Mouse Strains

129P3/J Mouse Strain

By February 25, 2019 No Comments

Overview

129P3/J is an inbred strain of mouse that is one of the “parental” strains within the 129 family.[1]

History

The 129 family is descended from a cross between mice (English fanciers) and a chinchilla stock carried out by Dunn in 1928. Stocks of these passed from the Jackson Laboratory to outside laboratories and then back again several times over the course of the twentieth century.[2]

In 1997, Simpson divided the 129 strains into three main groups according to their tumor incidence: parental, “steel” and “ter”. 129P3/J was known as 129/J until its recognition as part of the parental grouping in 2004 when its name was changed to the current one.[1][3]

Physical Characteristics

129P3/J mice, like all mice of the 129 family, bear a slight resemblance to a chinchilla on account of their hybrid ancestry. They are albino and so have completely white fur with red eyes.[1]

Behavioral Characteristics & Handling

Mice of the 129P3/J strain are described as “very nervous” and “jumpy”, but also as “gentle”.[3] This mixed assessment suggests that while these mice do not display aggression, their anxiety will make them difficult to capture and hold, and so researchers requiring the utmost ease in handling may want to choose another strain.

The Jackson Laboratory caution that while these mice have decently sized litters, they are poor breeders and often do not look after their infants well. Around half of their offspring are stillborn or die very young, and many are chewed, eaten or lose limbs. Loud noises can initiate this behavior, and so the mice should be kept in a quiet environment.[3]

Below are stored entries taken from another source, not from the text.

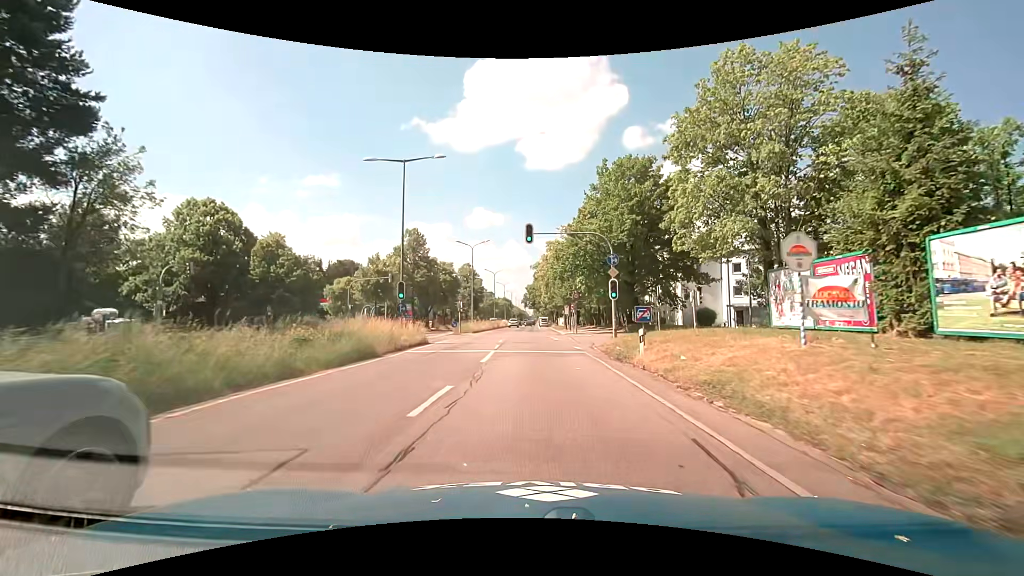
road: trunk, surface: asphalt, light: Day
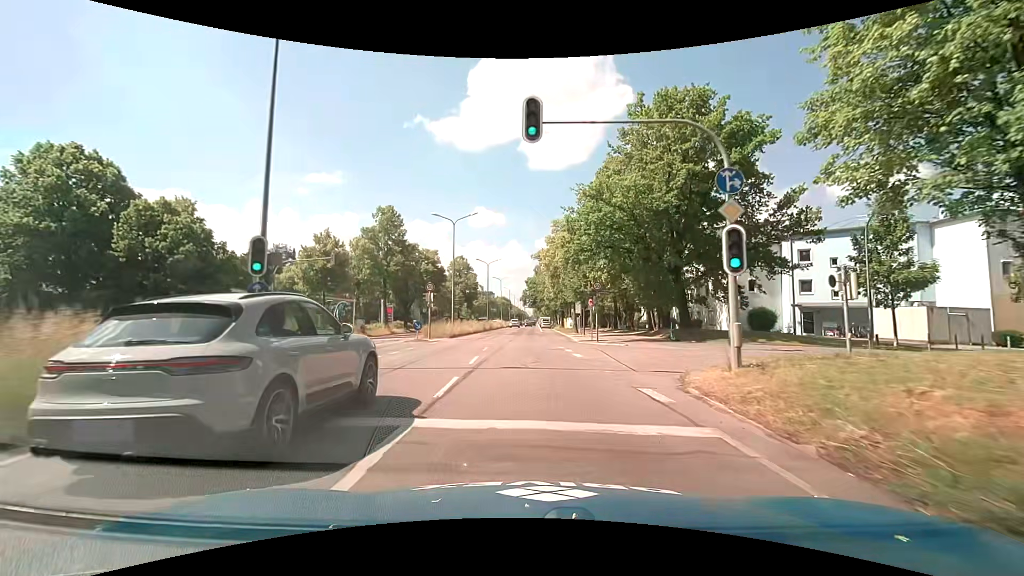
(0.0, +14.8) m; 0°
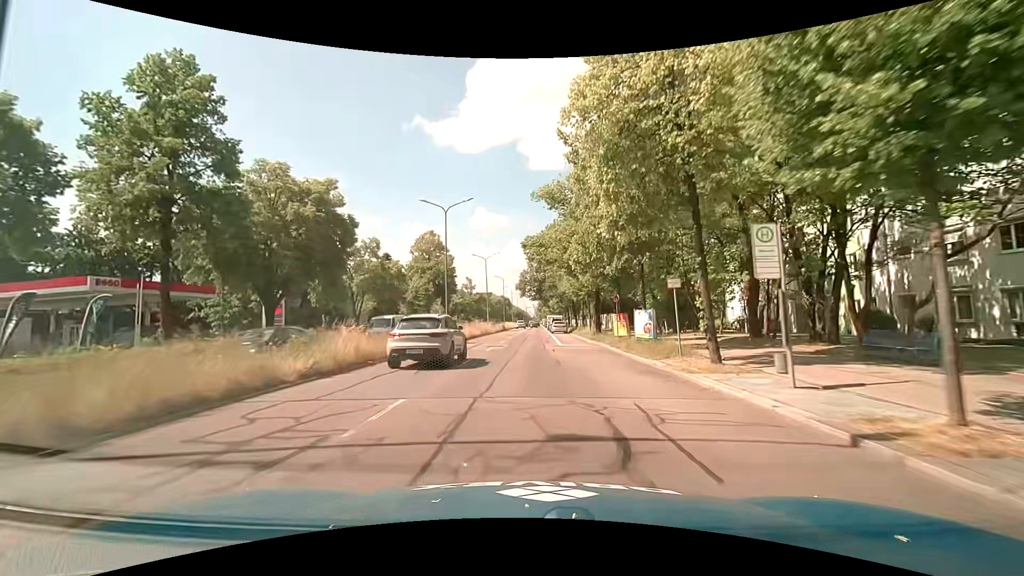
(+0.1, +37.6) m; 0°
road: primary
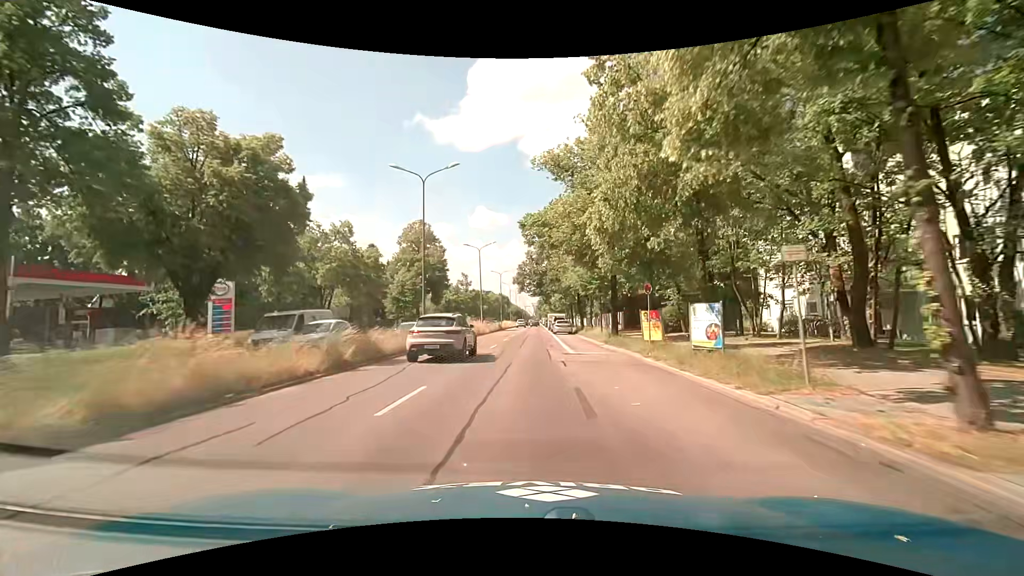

129P3/J mice show a lower preference for sweet tasting substances than C57BL/6J, which may indicate anhedonia and a depression-like phenotype.[4] Another result consistent with depression is seen in a study involving 129X1/SvJ, 129P3/J and C57BL/6J, where 129P3/J showed the least spontaneous activity in the home cage and open field test. The performance of 129P3/J in the elevated zero maze is comparable to 129X1/SvJ i.e. showing elevated anxiety compared to C57BL/6J.[5]

Health Characteristics

The major health characteristic of mice from the 129 family of strains is their tendency to develop testicular tumors. The incidence of tumor formation varies between strains and is lowest in the parental strains such as 129P3/J.[1]

Sources disagree about the exact tumor incidence in this strain: in one source, the Jackson Laboratory claim 1-3%,[1] but in another, they claim 5%.[3] This strain is also resistant to infection with mouse mammary tumor virus (MMTV), possibly owing to its production of a glycoprotein that blocks a key viral receptor.[1]

129P3/J mice have been found to suffer from eye diseases, including ulcerative blepharitis and suppurative conjunctivitis. Corynebacterium has been associated with their conjunctivitis, an unusual observation only made with this strain and BALB/c.[3]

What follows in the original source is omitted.